Field monitoring data sources include warranty claims and repair records for safety-related components, customer complaints and incident reports related to safety functions, data from vehicle diagnostic systems (such as DTCs collected during service visits), data from connected vehicle telematics (for vehicles with connectivity capabilities), information from regulatory agencies (such as NHTSA complaints and recall databases), and data from industry safety databases and information-sharing networks.

The organization must define a field monitoring process that specifies what data is collected, how it is collected, how it is analyzed for safety relevance, what thresholds or criteria trigger an investigation, and how the investigation results feed back into corrective action decisions. If field monitoring reveals a potential violation of a safety goal, the organization must initiate an investigation and, if necessary, implement corrective measures – which may range from a service campaign (proactive repair or update) to a formal safety recall.

Field monitoring is not a passive activity – it requires active, systematic analysis by personnel with both domain expertise and functional safety knowledge. A cluster of seemingly unrelated warranty claims for a specific component may, upon analysis, reveal a systematic safety issue that requires urgent corrective action.

10. Over-the-Air (OTA) Software Updates and Functional Safety

With the rise of software-defined vehicles, over-the-air (OTA) software updates have become an increasingly important topic for functional safety. While the current 2018 edition of ISO 26262 does not extensively address OTA, the implications are clear: any software update that modifies safety-related software must be treated as a post-SOP modification and must go through the appropriate change management and safety impact analysis process.

Key considerations for OTA updates to safety-critical software include ensuring that the OTA update process itself cannot introduce safety hazards (such as an interrupted update leaving the ECU in an inconsistent state), verifying that the updated software has been developed, tested, and verified according to the same ISO 26262 Part 6 requirements as the original software, implementing rollback mechanisms that can restore the previous safe software version if the update fails, verifying the integrity and authenticity of the update package (preventing malicious or corrupted software from being installed), and managing the vehicle state during the update (ensuring that safety-critical functions are not disrupted during the update process).

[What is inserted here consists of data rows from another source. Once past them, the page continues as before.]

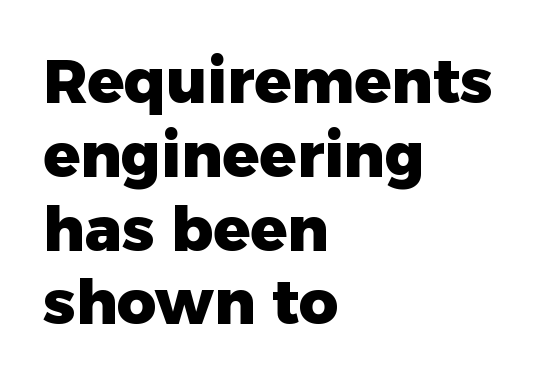
{"serif": "no", "italic": "no", "bold": "yes", "weight": "heavy", "width": "normal", "stroke_contrast": "low", "x_height": "medium", "monospaced": "no", "underline": "no", "align": "left", "line_spacing_ratio": 1.21, "letter_spacing": "normal", "letter_spacing_em": 0.0, "glyph_px": 61}
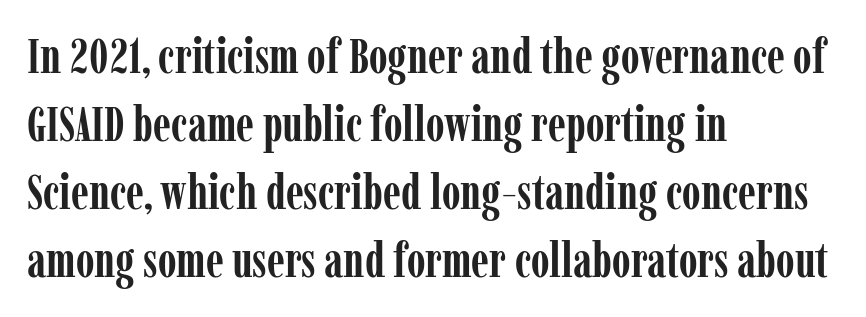
Q: Is the text bold? A: Yes.
Q: Is the text italic (slanted)? A: No, it is upright.
Q: Is the typeface a serif or a sans-serif typeface? A: Serif.
Q: Is the text underlined? A: No.
Q: How is the paragraph aligned? A: Left-aligned.
Q: Is the spacing between letters normal or unusually wide? A: Normal.
Q: Is the spacing between lines tight, normal or loose? A: Normal.
Q: Width (condensed, normal, or wide)? A: Condensed.
Q: Stroke contrast? A: Low.
Q: x-height? A: Medium.
Q: Monospaced? A: No.

OTA updates for safety-critical systems are expected to receive significant attention in the upcoming third edition of ISO 26262, as well as in the related cybersecurity standard ISO/SAE 21434 and the UNECE WP.29 regulations on software updates (UN R156).

11. Service and Repair Phase – Safety in the Workshop

The service phase covers all maintenance, repair, and modification activities performed on the vehicle during its operational life – whether at authorized dealer workshops, independent repair facilities, or even by the vehicle owner.

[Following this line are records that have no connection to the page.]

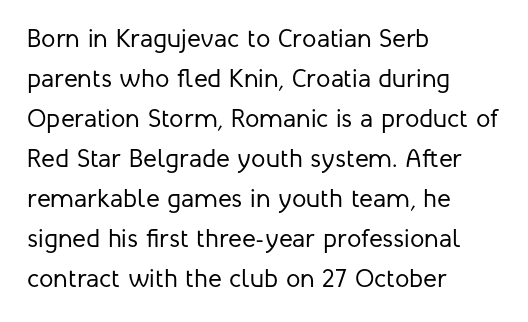
Q: Is the text bold? A: No.
Q: Is the text italic (slanted)? A: No, it is upright.
Q: Is the text underlined? A: No.
Q: How is the paragraph aligned? A: Left-aligned.
Q: Is the spacing between letters normal or unusually wide? A: Normal.
Q: Is the spacing between lines tight, normal or loose? A: Normal.
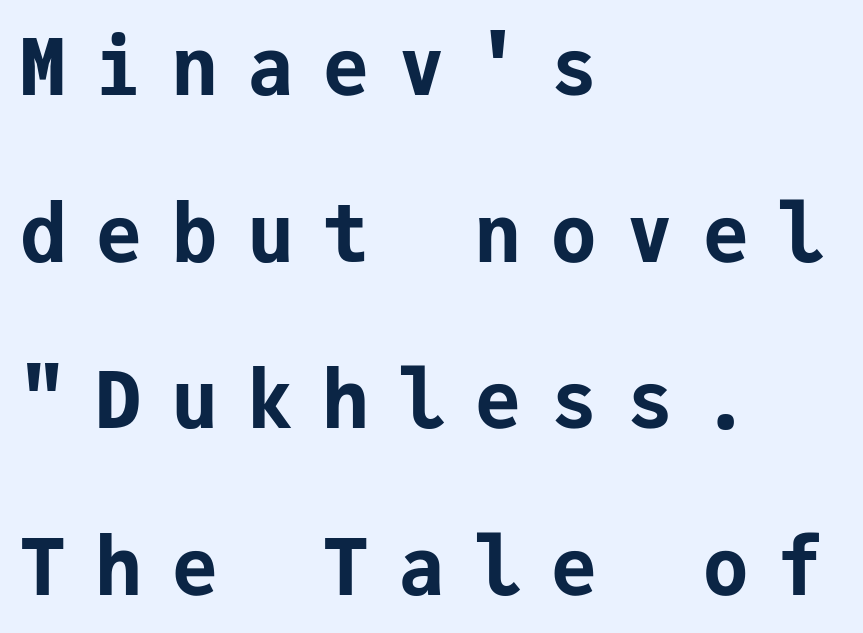
The image shows 79 px bold sans-serif type, upright, monospaced; set left-aligned, loose line spacing (2.11x), unusually wide letter spacing (+0.36 em), not underlined; low stroke contrast and a medium x-height.
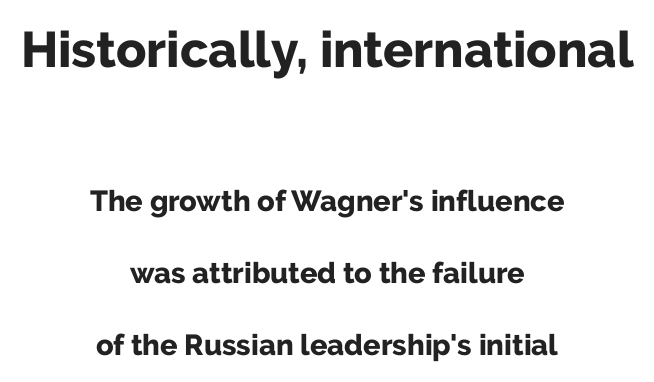
Do the characters align in a grid? No, the font is proportional. The rag falls on both sides of this text block equally. Caption: upper text group enlarged, lower text group reduced. The block of text is sparse from top to bottom, with ample space between rows. This rendering leaves character spacing at its baseline value. The area under the type is left untouched.
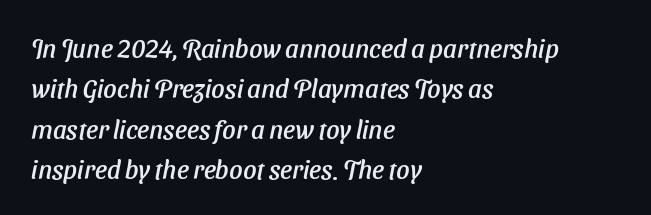
{"underline": "no", "align": "left", "line_spacing": "normal", "line_spacing_ratio": 1.55, "letter_spacing": "normal", "letter_spacing_em": 0.0, "glyph_px": 26}

Part 7 requires that the organization provide adequate service information to enable safe and correct service of the safety-related systems. This information must include service and repair procedures for safety-related components, diagnostic procedures for identifying safety-related faults, instructions for replacement of safety-related components (including calibration procedures, software re-programming requirements, and post-repair verification tests), identification of safety-related components that require specific handling, disposal, or recycling procedures, and warnings about the consequences of incorrect repair or unauthorized modifications to safety-related systems.

12. Service Requirements for Safety-Critical Systems

Service activities on safety-critical systems require particular care to ensure that functional safety is maintained or restored after the service intervention. Key requirements include using only approved replacement parts that meet the same safety specifications as the original parts, following the prescribed repair procedures exactly – including any post-repair calibration, configuration, or verification steps, re-programming the ECU software correctly when software updates or recalibration are part of the repair procedure, verifying the correct operation of the repaired system through post-repair functional testing (including verifying that safety mechanisms are operational and that no new diagnostic trouble codes are present), and documenting the repair activity for traceability.

The challenge of ensuring correct service is compounded by the diversity of service environments – from well-equipped OEM dealer workshops with specialized diagnostic equipment and trained technicians to independent repair shops that may lack specific training or tools. The service information provided by the organization must be clear and comprehensive enough to enable correct repair in all these contexts.

13. Replacement Parts and Component Substitution

When a safety-related component is replaced during service, the replacement part must meet the same safety requirements as the original. This means using the same part number from the same approved supplier (or an approved equivalent), ensuring that the replacement part has the correct hardware revision and, where applicable, the correct software version, verifying that any safety-related calibration or configuration data is correctly applied to the replacement part, and performing the required post-installation verification.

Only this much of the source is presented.